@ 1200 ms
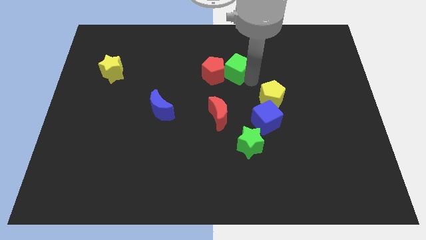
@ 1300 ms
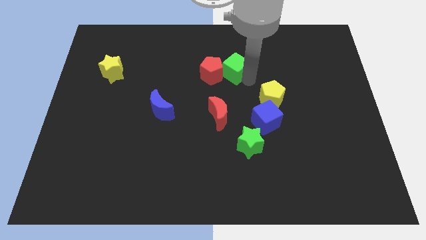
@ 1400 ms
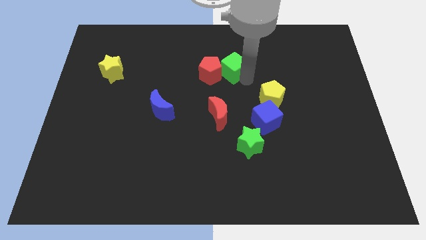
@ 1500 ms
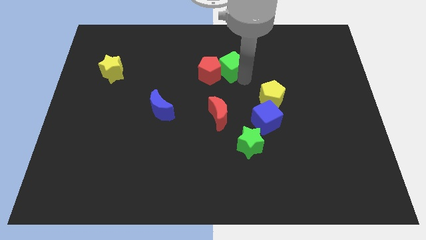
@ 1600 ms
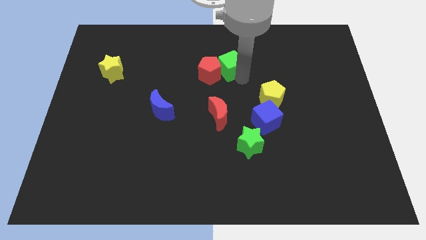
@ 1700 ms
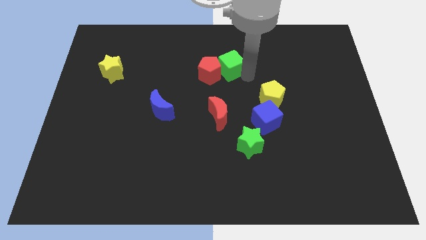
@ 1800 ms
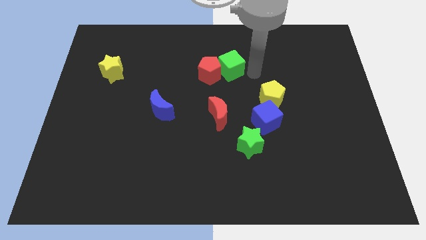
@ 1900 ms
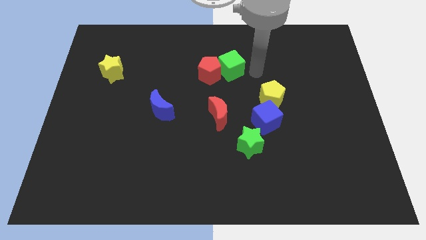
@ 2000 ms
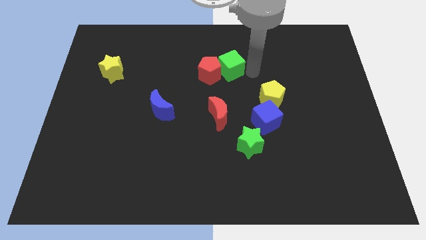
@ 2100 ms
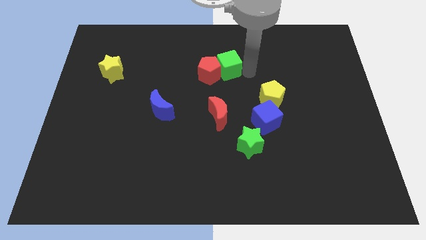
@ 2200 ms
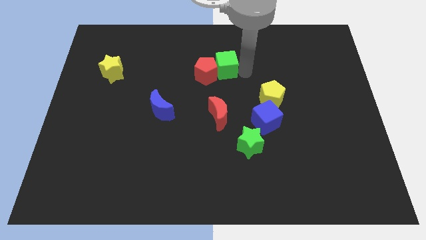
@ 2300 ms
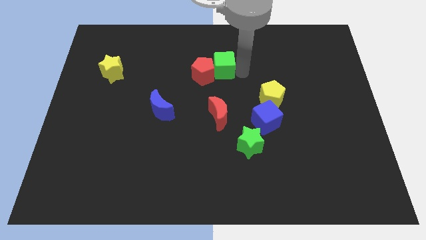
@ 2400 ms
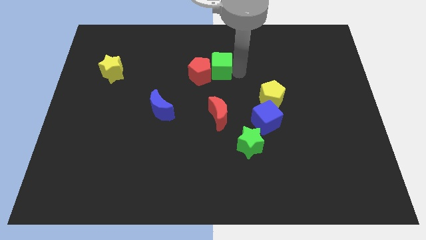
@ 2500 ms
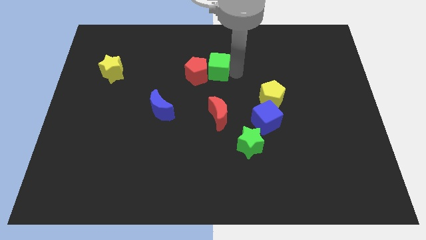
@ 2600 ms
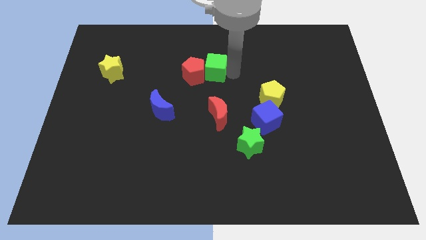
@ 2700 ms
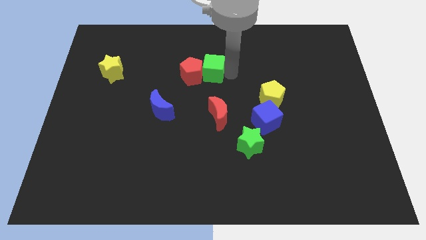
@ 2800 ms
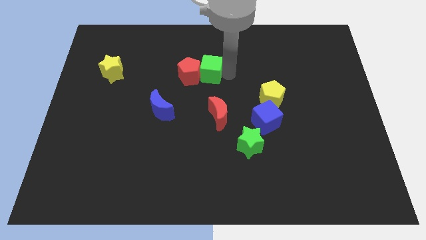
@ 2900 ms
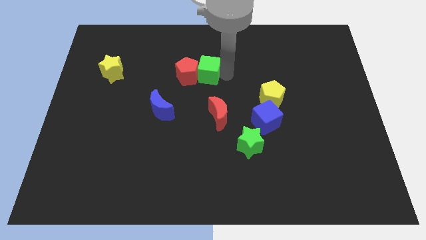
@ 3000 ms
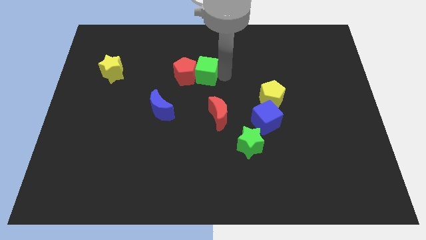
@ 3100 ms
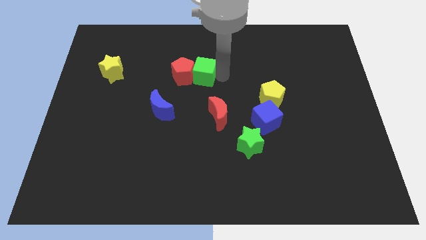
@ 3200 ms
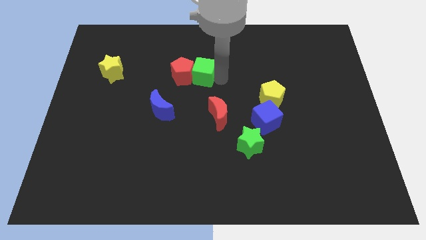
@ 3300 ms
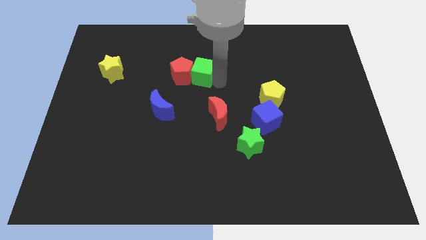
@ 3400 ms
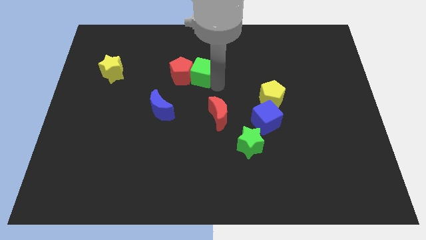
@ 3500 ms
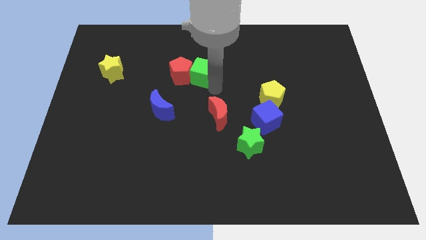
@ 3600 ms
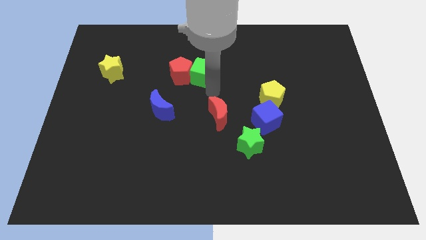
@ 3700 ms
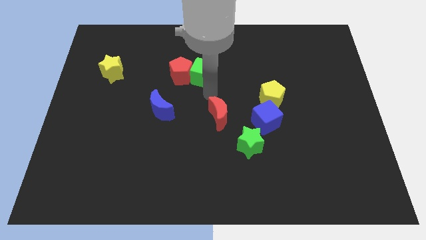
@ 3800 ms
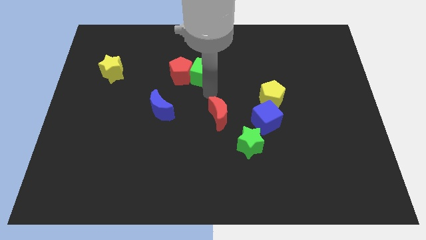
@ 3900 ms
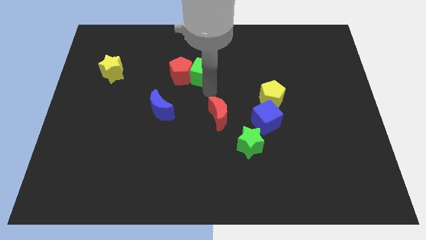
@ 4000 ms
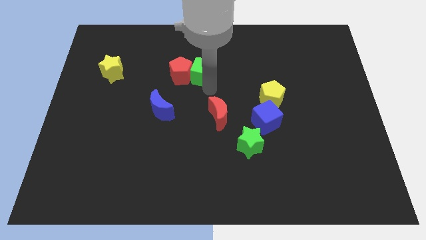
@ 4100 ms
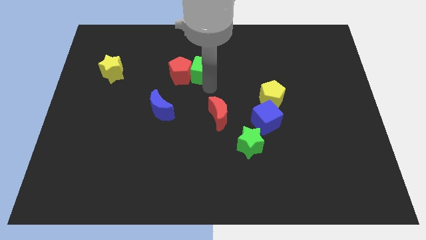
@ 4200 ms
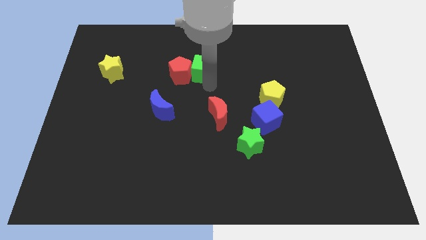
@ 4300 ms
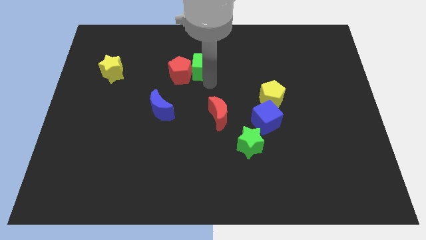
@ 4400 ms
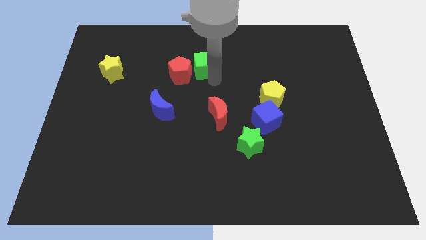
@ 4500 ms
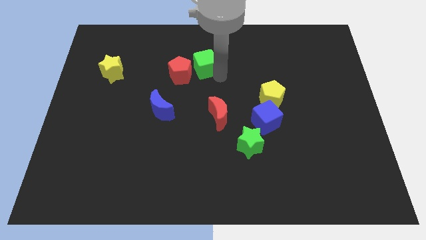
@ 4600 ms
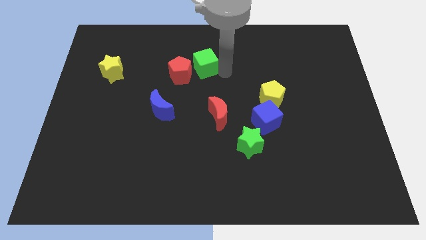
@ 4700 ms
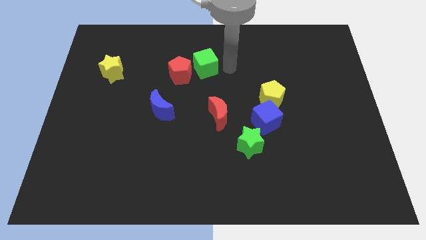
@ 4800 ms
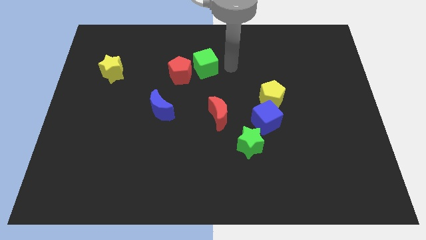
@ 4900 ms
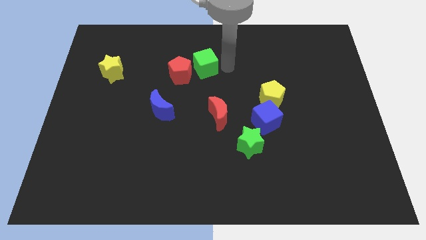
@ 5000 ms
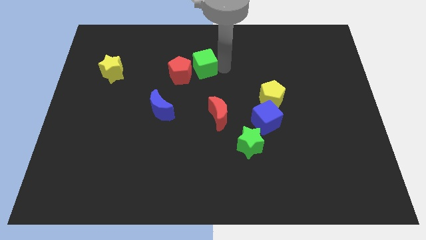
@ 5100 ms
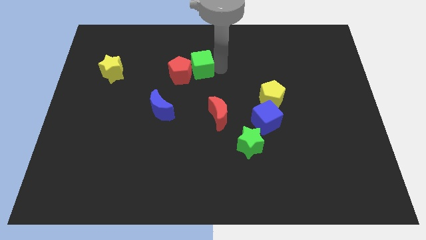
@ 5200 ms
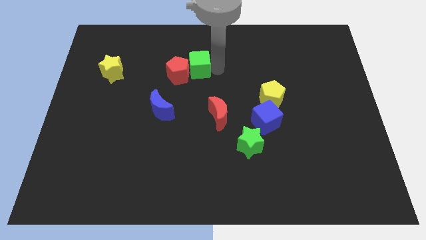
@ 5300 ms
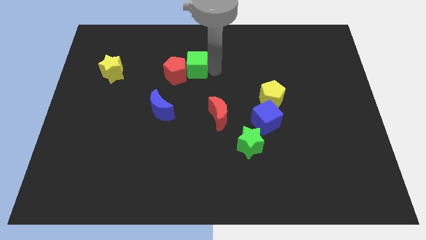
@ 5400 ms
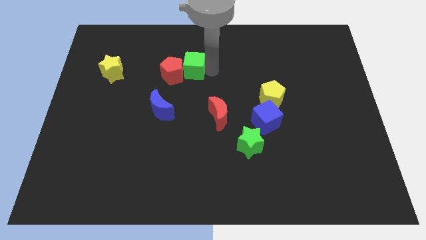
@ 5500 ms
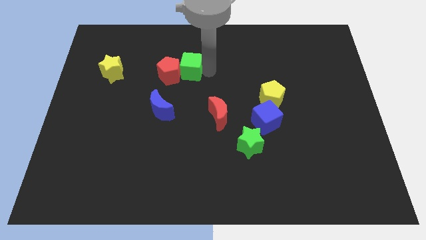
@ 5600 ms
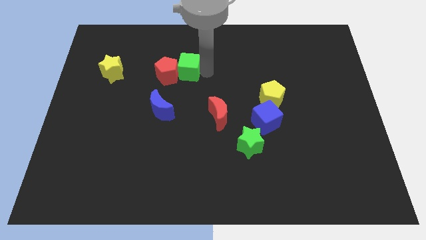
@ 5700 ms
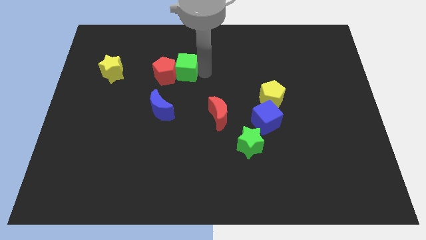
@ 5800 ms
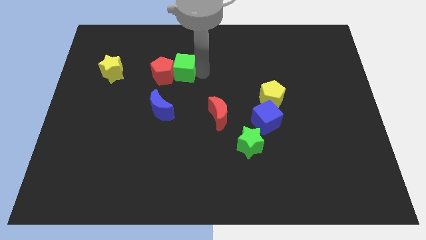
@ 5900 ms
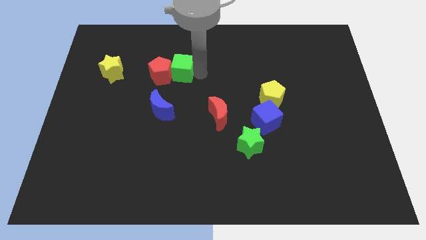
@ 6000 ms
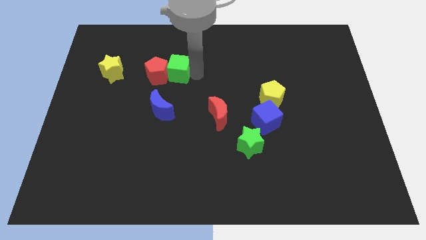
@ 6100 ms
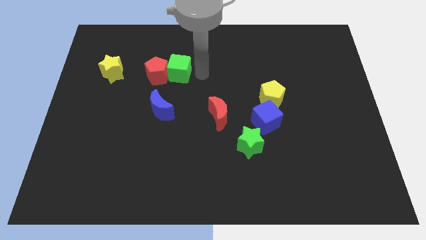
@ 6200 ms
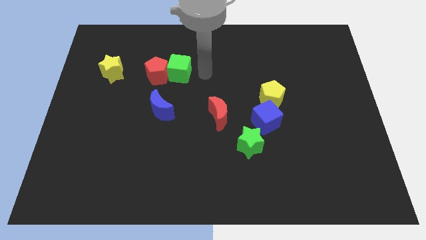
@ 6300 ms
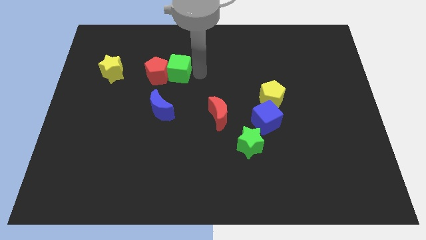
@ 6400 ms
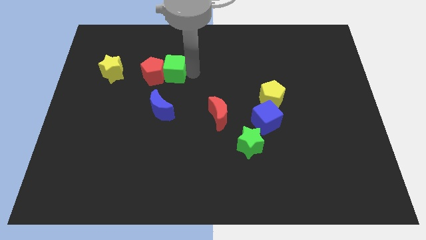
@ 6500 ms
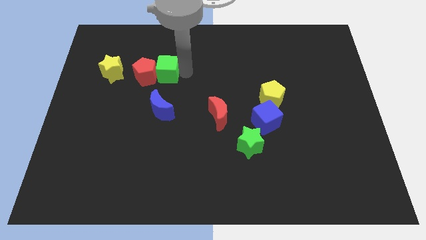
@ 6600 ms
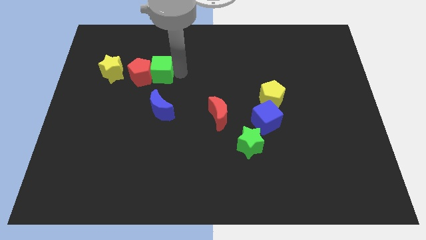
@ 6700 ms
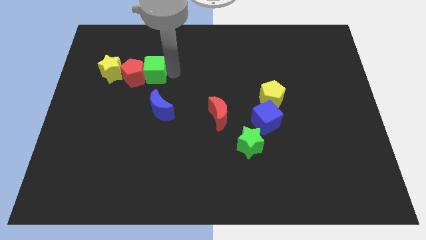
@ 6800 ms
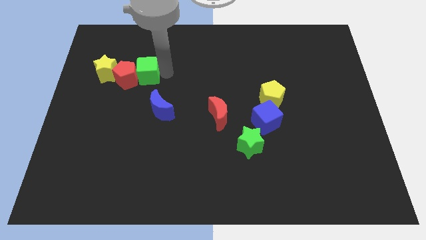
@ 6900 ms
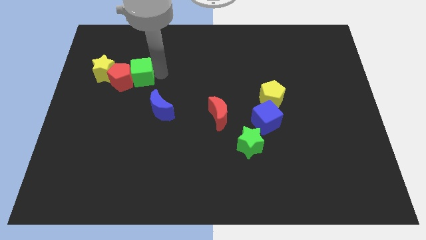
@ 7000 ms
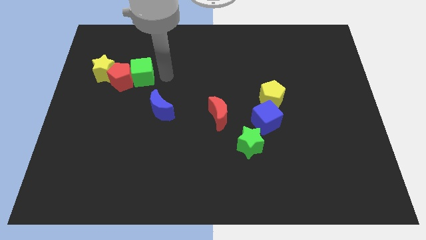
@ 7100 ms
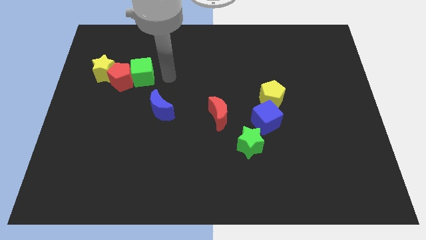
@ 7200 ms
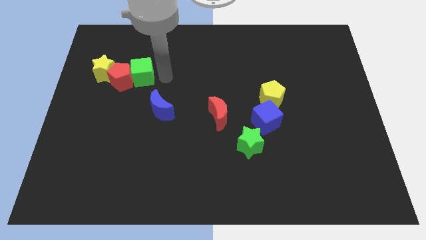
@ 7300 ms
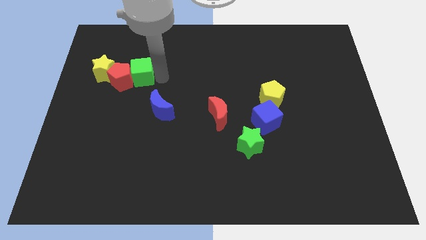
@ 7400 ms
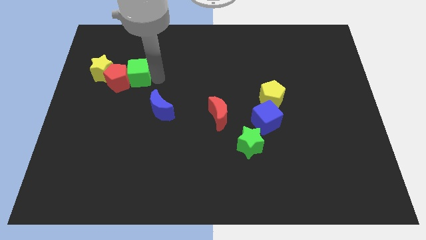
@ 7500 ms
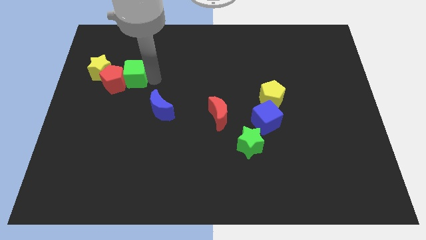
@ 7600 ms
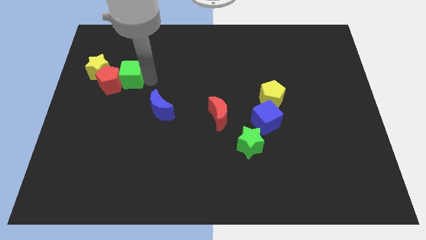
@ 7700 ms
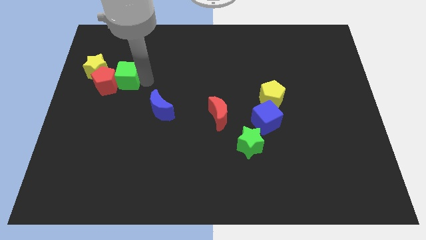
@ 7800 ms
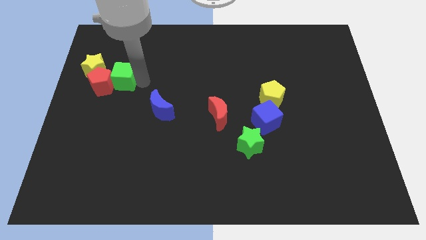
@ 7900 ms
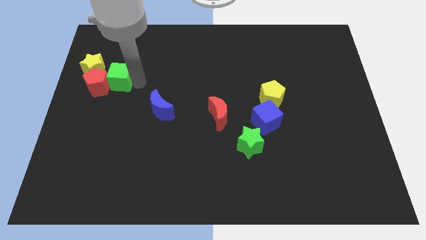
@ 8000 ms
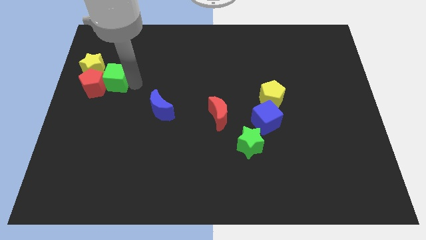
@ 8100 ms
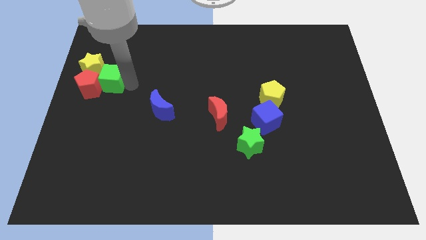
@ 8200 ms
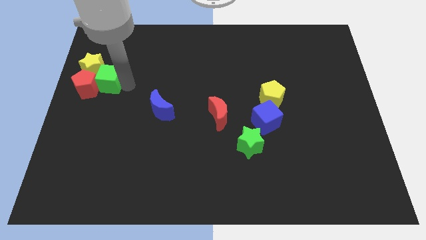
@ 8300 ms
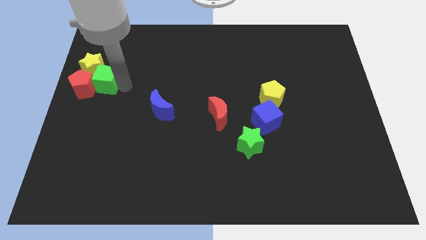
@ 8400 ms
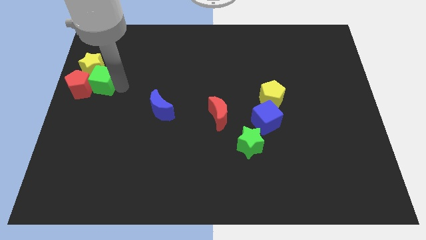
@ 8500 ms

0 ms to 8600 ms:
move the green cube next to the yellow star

What to do: Apart from the images, retype the full material exactly as written.

Exercise result:
@ 1200 ms
@ 1300 ms
@ 1400 ms
@ 1500 ms
@ 1600 ms
@ 1700 ms
@ 1800 ms
@ 1900 ms
@ 2000 ms
@ 2100 ms
@ 2200 ms
@ 2300 ms
@ 2400 ms
@ 2500 ms
@ 2600 ms
@ 2700 ms
@ 2800 ms
@ 2900 ms
@ 3000 ms
@ 3100 ms
@ 3200 ms
@ 3300 ms
@ 3400 ms
@ 3500 ms
@ 3600 ms
@ 3700 ms
@ 3800 ms
@ 3900 ms
@ 4000 ms
@ 4100 ms
@ 4200 ms
@ 4300 ms
@ 4400 ms
@ 4500 ms
@ 4600 ms
@ 4700 ms
@ 4800 ms
@ 4900 ms
@ 5000 ms
@ 5100 ms
@ 5200 ms
@ 5300 ms
@ 5400 ms
@ 5500 ms
@ 5600 ms
@ 5700 ms
@ 5800 ms
@ 5900 ms
@ 6000 ms
@ 6100 ms
@ 6200 ms
@ 6300 ms
@ 6400 ms
@ 6500 ms
@ 6600 ms
@ 6700 ms
@ 6800 ms
@ 6900 ms
@ 7000 ms
@ 7100 ms
@ 7200 ms
@ 7300 ms
@ 7400 ms
@ 7500 ms
@ 7600 ms
@ 7700 ms
@ 7800 ms
@ 7900 ms
@ 8000 ms
@ 8100 ms
@ 8200 ms
@ 8300 ms
@ 8400 ms
@ 8500 ms

0 ms to 8600 ms:
move the green cube next to the yellow star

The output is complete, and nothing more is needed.